Fase 3: Observasi dan Refleksi (Reflective Observation)
Setelah pengalaman selesai, fase terpenting dimulai: refleksi.
- Tindakan Guru: Memfasilitasi diskusi atau kegiatan reflektif dengan mengajukan pertanyaan pemantik. Guru memandu siswa untuk meninjau kembali apa yang terjadi, berbagi perspektif, dan mengidentifikasi pola atau masalah.
- Tujuan: Menggali makna dan wawasan dari pengalaman yang baru saja terjadi.
Fase 4: Konseptualisasi dan Generalisasi (Abstract Conceptualization)
Di fase ini, wawasan dari refleksi dihubungkan dengan teori atau konsep yang lebih luas.
- Tindakan Guru: Membantu siswa merumuskan kesimpulan, prinsip, atau model. Guru bisa memberikan mini-lesson untuk memperkenalkan istilah akademis yang relevan atau menunjukkan hubungan antara temuan siswa dengan pengetahuan yang sudah ada.
- Tujuan: Memberi nama dan struktur pada pembelajaran, mengubah wawasan menjadi pengetahuan formal.
Fase 5: Aplikasi dan Eksperimen (Active Experimentation)
Langkah terakhir adalah menerapkan pengetahuan baru tersebut.
- Tindakan Guru: Memberikan tantangan atau tugas baru di mana siswa harus menggunakan konsep yang baru mereka pahami. Guru bertindak sebagai mentor yang memberikan umpan balik atas rencana atau hasil kerja siswa.
- Tujuan: Menguji pemahaman siswa dan melatih keterampilan aplikasi. Hasil dari fase ini akan menjadi pengalaman konkret untuk siklus belajar berikutnya.

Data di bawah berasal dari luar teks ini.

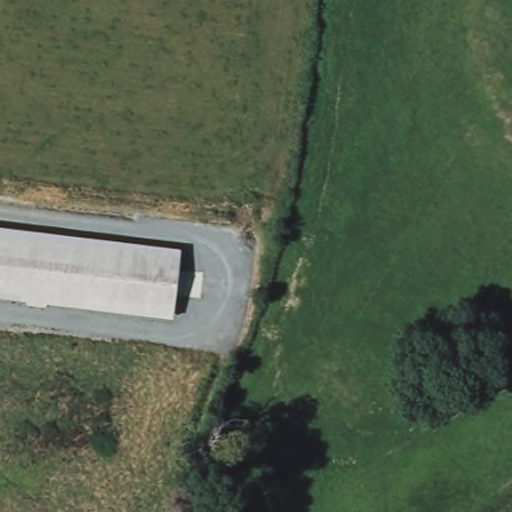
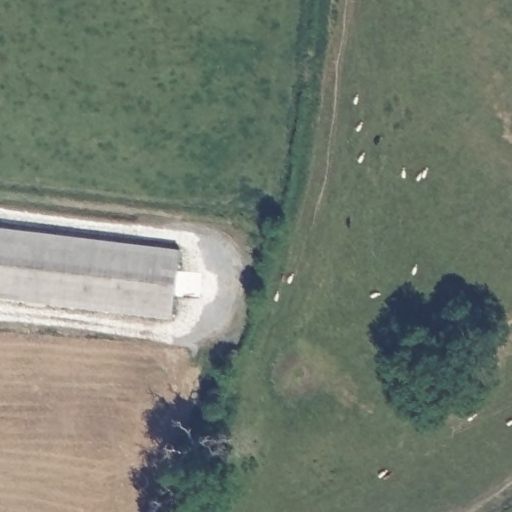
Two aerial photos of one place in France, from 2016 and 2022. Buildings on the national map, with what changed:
unchanged [(180,249),(170,318),(0,297),(0,227),(180,249)]

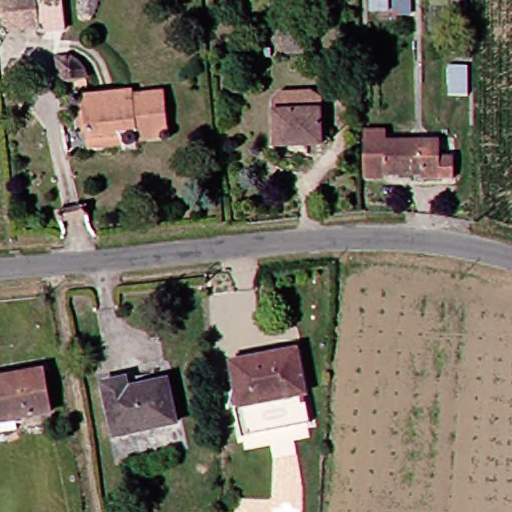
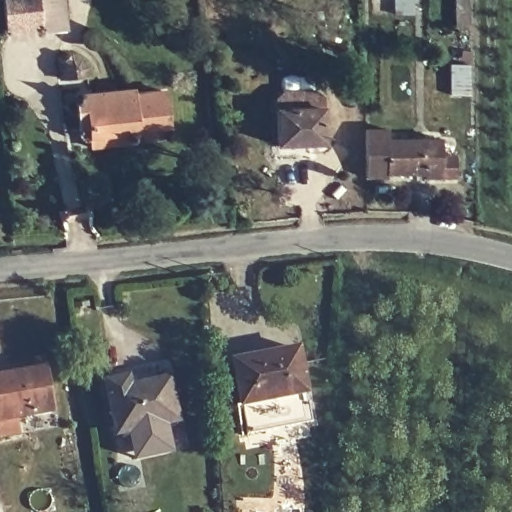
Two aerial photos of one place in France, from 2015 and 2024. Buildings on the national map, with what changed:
unchanged [(37,0),(37,4),(1,8),(0,8),(0,0),(37,0)]
unchanged [(8,44),(7,44),(6,45),(5,45),(4,44),(3,44),(2,43),(2,42),(2,41),(2,40),(3,39),(4,39),(5,39),(1,8),(37,4),(40,35),(41,35),(42,35),(43,36),(44,36),(44,38),(44,39),(44,40),(43,40),(42,41),(41,41),(40,41),(39,41),(38,40),(38,39),(9,43),(8,44)]
unchanged [(307,53),(277,52),(277,30),(308,31),(307,53)]
unchanged [(88,69),(89,73),(90,77),(64,79),(62,57),(68,56),(73,58),(79,60),(83,63),(86,66),(88,69)]
unchanged [(468,95),(450,95),(449,64),(468,65),(468,95)]
unchanged [(174,136),(139,140),(139,143),(96,147),(95,137),(92,139),(91,139),(90,139),(88,139),(87,139),(86,139),(84,137),(84,135),(80,95),(137,90),(137,94),(169,91),(174,136)]
unchanged [(322,142),(277,144),(275,99),(281,93),(313,92),(321,97),(322,142)]
unchanged [(460,183),(428,183),(428,179),(391,179),(391,174),(371,174),(370,134),(392,134),(392,144),(445,144),(445,161),(459,161),(460,183)]
unchanged [(316,413),(251,424),(238,356),(263,351),(263,347),(302,339),(310,383),(316,413)]
unchanged [(242,396),(226,399),(221,372),(237,369),(242,396)]
unchanged [(46,412),(17,417),(19,429),(0,433),(0,380),(39,373),(44,372),(52,411),(46,412)]
unchanged [(178,422),(115,435),(104,383),(128,378),(130,388),(169,379),(178,422)]

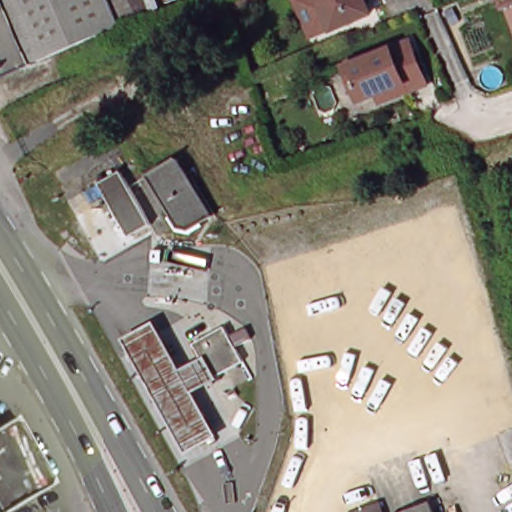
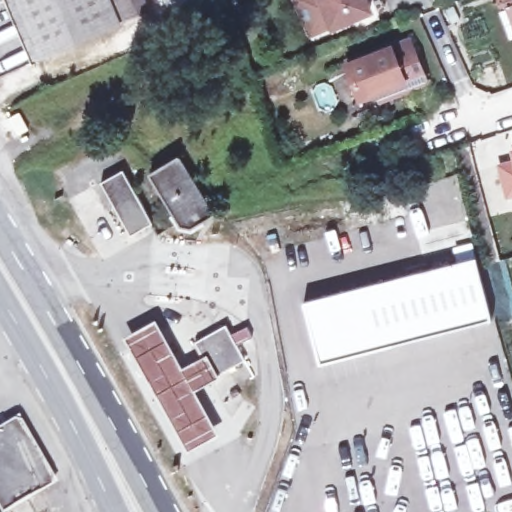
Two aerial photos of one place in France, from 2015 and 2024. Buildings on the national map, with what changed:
unchanged [(7,0),(116,0),(122,16),(30,55),(7,0)]
unchanged [(122,16),(116,0),(146,0),(148,5),(122,16)]
unchanged [(233,0),(250,0),(236,6),(233,0)]
unchanged [(331,20),(322,0),(365,0),(366,3),(331,20)]
unchanged [(499,0),(512,0),(512,23),(509,25),(499,0)]
unchanged [(379,88),(364,95),(349,62),(411,36),(429,77),(409,85),(383,96),(379,88)]
new [(512,148),(512,158),(509,149),(512,148)]
unchanged [(174,218),(177,217),(153,175),(183,158),(216,217),(204,223),(206,226),(193,233),(181,228),(174,218)]
new [(496,165),(512,160),(512,197),(504,200),(496,165)]
unchanged [(151,220),(129,232),(100,179),(120,168),(151,220)]
new [(303,302),(474,259),(490,320),(319,363),(303,302)]
new [(512,286),(512,317),(494,319),(492,310),(497,309),(488,265),(506,260),(512,286)]
unchanged [(198,392),(224,439),(195,455),(130,340),(159,324),(178,357),(200,345),(219,379),(198,392)]
unchanged [(230,328),(249,363),(219,379),(200,345),(230,328)]
unchanged [(5,421),(48,491),(14,511),(1,488),(0,489),(0,424),(5,421)]
demolished [(381,505),(384,512),(361,512),(381,505)]
demolished [(434,506),(436,512),(417,512),(434,506)]

Strategi Kunci dalam Mendesain Model Ini
- Mulai dari Tujuan Akhir: Sebelum memilih aktivitas, tentukan dulu apa pemahaman atau keterampilan yang ingin Anda capai. Lalu, rancang mundur: aktivitas apa yang bisa memantik refleksi menuju pemahaman tersebut?
- Pilih Pengalaman yang Tepat: Tidak semua pengalaman diciptakan sama. Pilih aktivitas yang relevan dengan kehidupan siswa, cukup menantang namun tidak membuat frustrasi, dan memungkinkan adanya beragam hasil atau perspektif.
- Siapkan Pertanyaan, Bukan Jawaban: Kunci keberhasilan model ini ada di Fase 3 (Refleksi). Siapkan daftar pertanyaan pemantik yang baik sebelum sesi dimulai. Fokus pada pertanyaan "mengapa" dan "bagaimana", bukan hanya "apa".
- Integrasikan Asesmen di Setiap Fase: Asesmen tidak hanya terjadi di akhir. Gunakan observasi di Fase 2, exit ticket di Fase 3, dan penilaian kinerja di Fase 5 untuk mendapatkan gambaran utuh tentang kemajuan belajar siswa.
Dengan memahami sintaks dan strategi ini, guru dapat dengan percaya diri merancang model pembelajaran experiential learning yang tidak hanya seru dan aktif, tetapi juga terstruktur, mendalam, dan transformatif.